Friday, November 08, 2013

Dirty Politics Virginia Style

We earlier learned how last year Obama Democrats used support for third-party, Libertarian candidate Dan Cox in Montana to help re-elect Democratic senator Jon Tester against unfavorable odds in a state that voted for Romney. Now, though practically nobody has noticed, the same “dirty politics” story has repeated itself elsewhere.

The place is Virginia. It’s an historically conservative state now tipping Democrat based upon northern Virginia’s large and growing Federal government-connected population. But Democrat Terry McAuliffe ran poorly for governor there four years ago, and needed help this time around, help that could come from having a third-party Libertarian candidate on the ballot who could draw conservative but socially libertarian votes away from Republican social conservative Ken Cuccinelli.

Andra and Joe Liemandt
Enter Austin, Texas, software billionaire Joe Liemandt, a major Democratic Party benefactor and Obama campaign bundler. In March 2012, ABC News reported Liemandt was among three dozen of the Obama campaign’s largest bundlers invited to a state dinner honoring British Prime Minister David Cameron. ABC noted the invited bundlers, who included Vogue editor Anna Wintour and Hollywood producer Harvey Weinstein, were responsible for at least $10.7 million of the $250 million the campaign had collected to that point.

Yet in Virginia this year, Liemandt paid for the professional petition circulators needed to put gubernatorial candidate Robert C. Sarvis on the Virginia Libertarian ballot. Liemandt’s Libertarian Booster PAC made the largest independent contribution to Sarvis’ campaign. As stated, Liemandt is a Democrat and a top bundler for Obama, part of the small circle that includes Terry McAuliffe, himself a major Obama bundler and the Democratic party national chair when Obama was elected in 2008. So is there any question Liemandt was doing McAuliffe a favor by putting Libertarian Sarvis on the Virgina ballot, in a spot where he could draw votes away from Republican Cuccinelli?

Libertarian-leaning Republicans were pretty upset about the Sarvis candidacy, noting he doesn’t support tax cuts (he in fact supported new taxes on roads), didn’t oppose medicaid expansion and called himself “pro-business,” not pro-free market.

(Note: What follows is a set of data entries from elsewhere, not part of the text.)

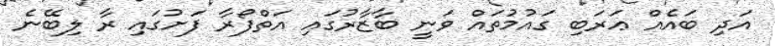
އަދި ބައެއް ޢަރަބި ގައުމުތައް ވަނީ ބާޒާރުގައި އަތްފޯރާ ފަށުގައި ރާ ލިބޭނެ
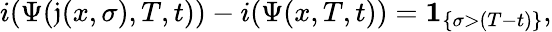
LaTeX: i(\Psi(\mathfrak{j}(x,\sigma),T,t))-i(\Psi(x,T,t))=\mathbf{1}_{\left\{ \sigma>(T-t)\right\} },
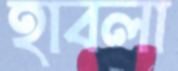
হাবলা
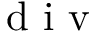
\mathrm { ~ d ~ i ~ v ~ }
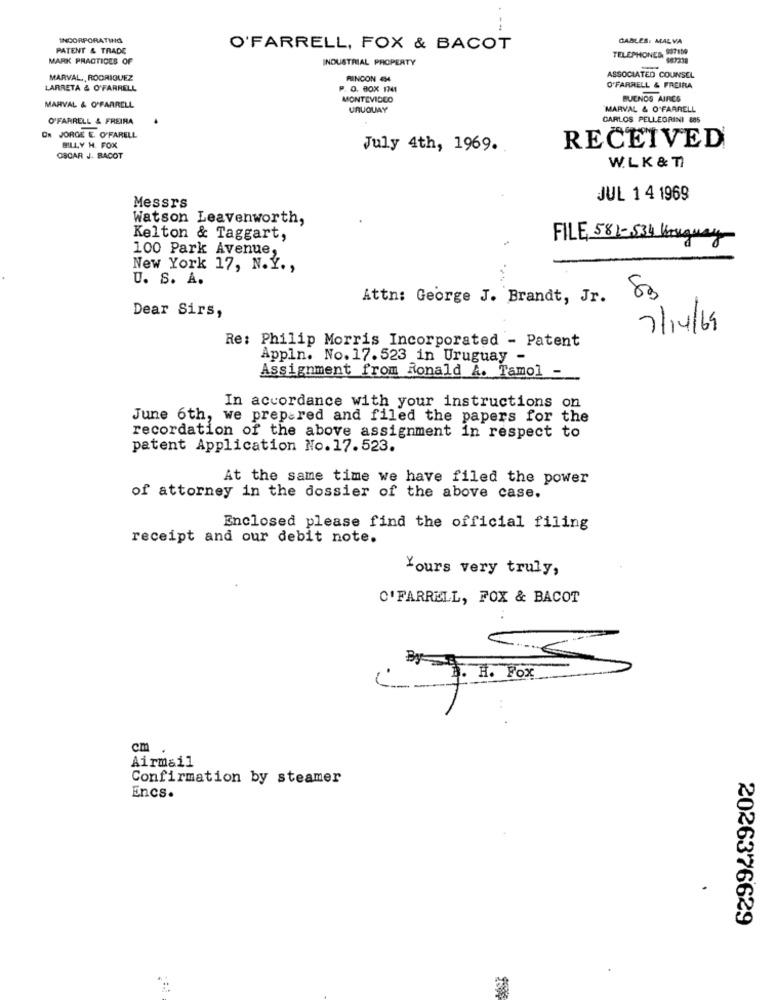
---
INCORPORATING
GABLES: MALVA
PATENT & TRADE
O'FARRELL, FOX & BACOT
TELEPHONES, 007109
MARK PRACTICES OF
INDUSTRIAL PROPERTY
$87238
MARVAL ,, RODRIGUEZ
RINCON 4H4
ASSOCIATED COUNSEL
LARRETA & O'FARRELL
P. O. BOX 1741
O'FARRELL & FREIRA
MONTEVIDEO
BUENOS AIRES
MARVAL & O'FARRELL
URUGUAY
MARVAL & O'FARRELL
O'FARRELL & FREIRA
CARLOS PELLEGRINI 885
JORGE E. O'FARELL
BILLY H. FOX
July 4th, 1969.
RECEIVED
OSCAR J. BACOT
W. LK & TI
JUL 1 4 1969
Messrs
Watson Leavenworth,
Kelton & Taggart,
FILE, 581-534 Kongway
100 Park Avenue,
New York 17, N.Y .,
U. S. A.
Attn: George J. Brandt, Jr.
80
Dear Sirs,
7/14/69
Re: Philip Morris Incorporated - Patent
Appln. No. 17. 523 in Uruguay -
Assignment from Ronald A. Tamol -
In accordance with your instructions on
June 6th, we prepared and filed the papers for the
recordation of the above assignment in respect to
patent Application No. 17.523.
At the same time we have filed the power
of attorney in the dossier of the above case.
Enclosed please find the official filing
receipt and our debit note.
Yours very truly,
C'FARRELL, FOX & BACOT
cm .
Airmail
Confirmation by steamer
Encs.
2026376629
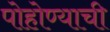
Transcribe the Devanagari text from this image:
पोहोण्याची

Conservative Charles C. W. Cooke, writing in National Review, was angry that Sarvis advocated a “vehicle-miles-driven tax,” something Cooke said was “almost impossible to square” with any “remotely coherent ‘libertarian’ position” on privacy, since the plan required installation of government GPS systems in private cars, “an astonishingly invasive proposal.”

A Quinnipiac poll showing that Sarvis actually took slightly more of the vote from Democrat McAuliffe (47%) than from Republican Cuccinelli (45%) seemingly undermined the “dirty politics” nature of Sarvis’ candidacy. But who is to say Democrats inclined to dump McAuliffe--because of Obamacare for example--wouldn’t have ended up with Cuccinelli if Sarvis weren’t an option? At the same time it’s highly likely Republicans upset with Cuccinelli’s stands on abortion, divorce, gay marriage, or guns--not to mention his identification with the Republicans who closed down government--were only too happy to vote Libertarian Sarvis.

In the end, Sarvis received 6.6% of the vote, while McAuliffe’s margin over Cuccinelli was only 2.5%. McAuliffe owes big thanks to Mr. billionaire Democrat bundler Liemandt.